How was the gold standard determined?

The gold standard (data labeled by expert clinicians) against which the ML model learns to adjust its parameters is a crucial element in ML studies. If the gold standard is a clinical or paraclinical judgment, then it is essential to know the qualifications of experts arriving at the gold standard. How were the intra-rater and inter-rater variability addressed? Was it adjudicated by a panel of experts or was a majority vote used? Also, the clinicians judging the gold standard should be blinded from the ML predictions.

In the model trained to detect DR, the gold standard was determined by a single ophthalmologist.[6] The model to detect papilledema was trained on a dataset that employed a panel of neuro-ophthalmologists to determine the gold standard.[5] In the model used to identify critical findings in head CT scan 03 senior radiologists with experience spanning 8–20 years in cranial CT interpretation determined the gold standard by mutual consensus or majority vote.[24] The quality of the gold standard used to train the model is the bedrock that determines generalizability of model's performance. [Figure 3]

What was the type of ML employed? Which version of the model was used for the study?

Early ML methods, especially those requiring processing of image-related features, used computational vision, and image processing techniques suitably adapted to the problem.[30] More recently, the deep learning-based approaches have been very successful in outperforming conventional techniques.[31] The deep learning-based techniques rely on (a) a deep neural network (DNN), so called because of their superficial resemblance to biological neural networks, acting as computational models that learn parameters in big data, (b) large data for training the models, typically comprising 50,000 or more labeled examples, (c) large computational resources typically provided by specialized graphical processing units for training the deep networks, (d) algorithmic innovations to speed up the training of deep networks.[32]

Conventional ML methods need expert intervention to predefine some features in the dataset to help the model learn, a labor intensive, and daunting task. However, the models thus learned are more open to interpretation and analysis. In contrast, the deep learning techniques often rely heavily on convolutional neural networks (CNN), a class of DNN that display connectivity patterns that are analogous to that of the connectivity patterns and image processing in visual cortex. Deep learning techniques take advantage of the hierarchical pattern in data to assemble more complex patterns using simpler and smaller patterns. The ML model to detect papilledema was trained on two CNNs (DenseNet-121 and DenseNet-201). By a method called ensemble learning, the outputs of the two networks were combined to improve the quality of prediction and improve the overall performance of the model.[5]

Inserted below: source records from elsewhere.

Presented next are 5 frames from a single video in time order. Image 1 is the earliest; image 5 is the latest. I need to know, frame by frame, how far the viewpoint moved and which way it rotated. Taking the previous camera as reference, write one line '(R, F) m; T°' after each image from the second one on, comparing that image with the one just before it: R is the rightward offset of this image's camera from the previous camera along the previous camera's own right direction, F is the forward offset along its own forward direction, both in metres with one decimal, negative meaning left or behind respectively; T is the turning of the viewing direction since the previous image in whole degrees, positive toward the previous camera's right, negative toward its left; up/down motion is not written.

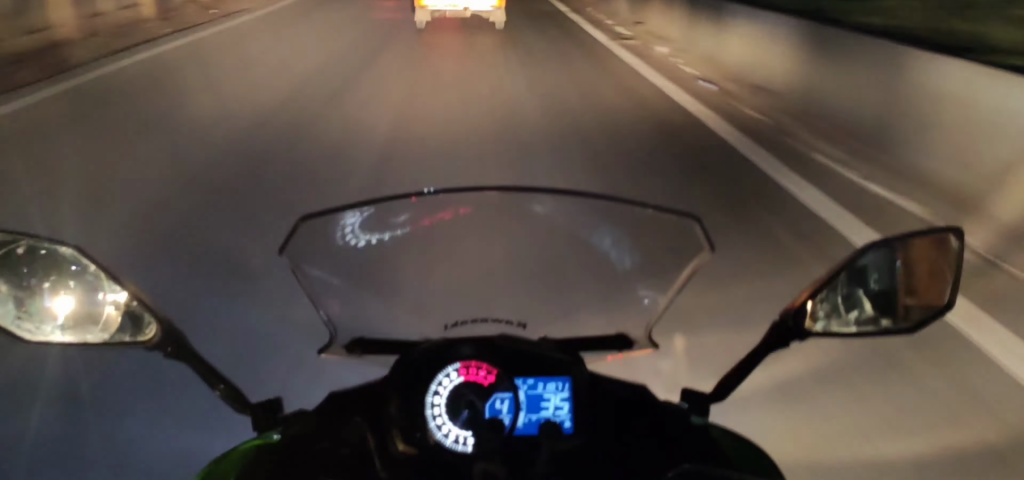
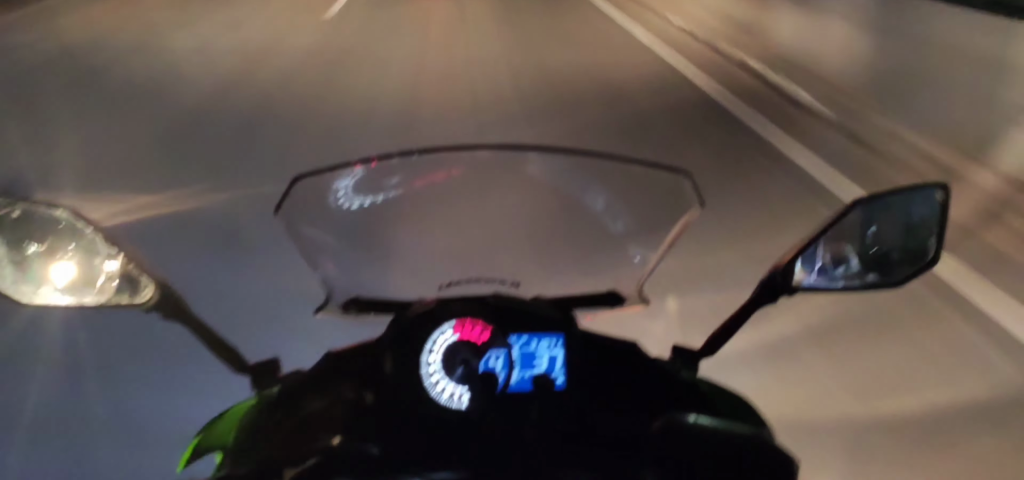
(+0.2, +17.0) m; +3°
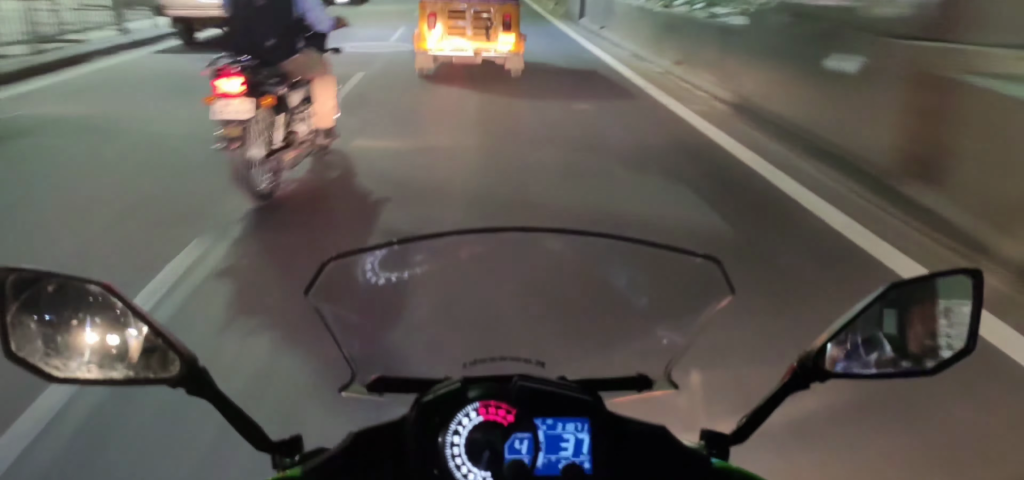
(-0.8, +27.0) m; -3°
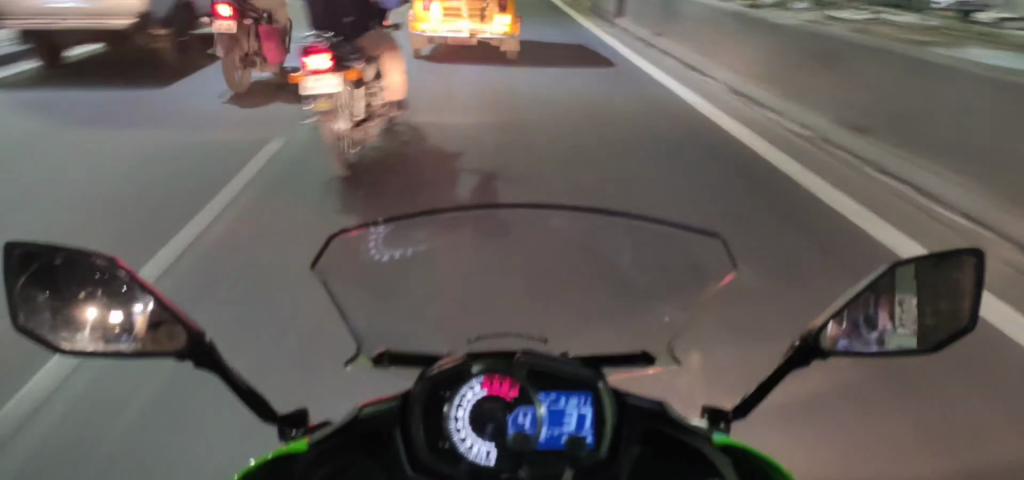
(0.0, +4.1) m; 0°
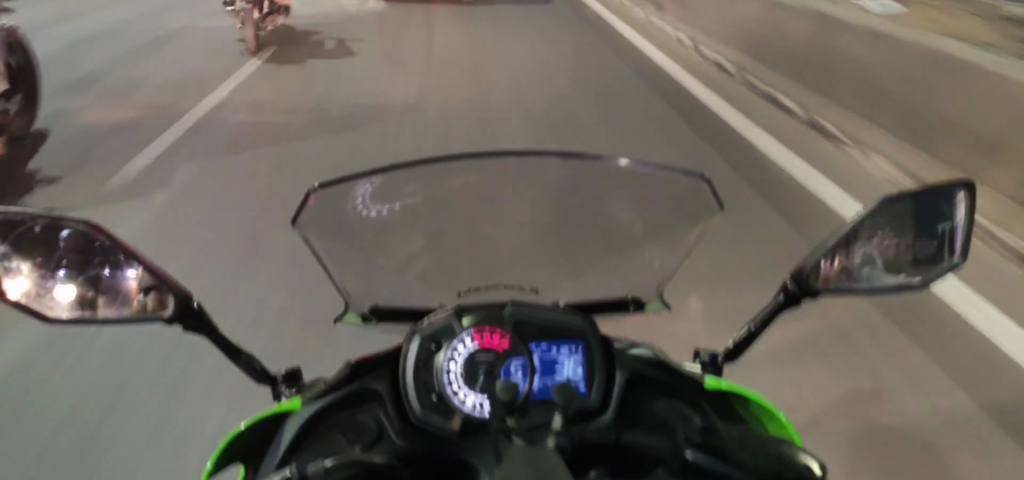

High performing deep learning-based models often require less prior knowledge and human effort in feature design.[5],[16] The high performance of DNNs come at the cost of interpretability and robustness.[30],[33] The performance metrics of ML model reported in a study is version specific. If a different version of the model was used in previous studies, then the changes brought about in the new version of the model and rationale for the changes is important considerations for generalizability.[21]

Is the reported model “continuously evolving” or “continuously learning” by design?

Most ML models are trained on development datasets to reach a certain level of efficiency. The chosen model with most satisfactory performance metrics is then “locked” in a way that it does not learn further when shown new data. In contrast, “continuously learning” models do not stop learning even beyond the stage of development. They have the ability to be continuously trained on new shown data which may cause changes in performance over time. The reported metrics of “continuously learning models” may not hold true even for the same external dataset when tested incrementally. Trials comparing “continuously learning” models with clinicians are hard to interpret and have been excluded from consideration in the newly reported CONSORT-AI extension.[21]

Does the model suffer from a black box problem?

Can the output of the model be retraced back to input on demand? The Black Box problem refers to human inability in explaining the precise steps leading to the ML model's predictions.[34] When an ML model is trained on massive datasets, the model may extract parameters into a complex maze of weighted connections that is inscrutable to humans. Performance and explainability in ML models are often inversely proportional. The best performing models, e.g., DNNs, are often least explainable. [Figure 2] Models with a poorer performance like linear regression and decision trees are usually most explainable. European Union General Data Protection regulation legislation requires that ML predictions be explainable, especially those that have the potential to affect users significantly. Explainable ML models instill confidence and are likely to result in faster adoption in clinical settings. There is a growing interest in interpretable models in deep learning.[35] The field of interpretable models is in the early stages of development. A deep-learning algorithm trained to detect acute intracranial hemorrhage used attention map and a prediction basis retrieved from training data in an attempt to enhance explainability.[36]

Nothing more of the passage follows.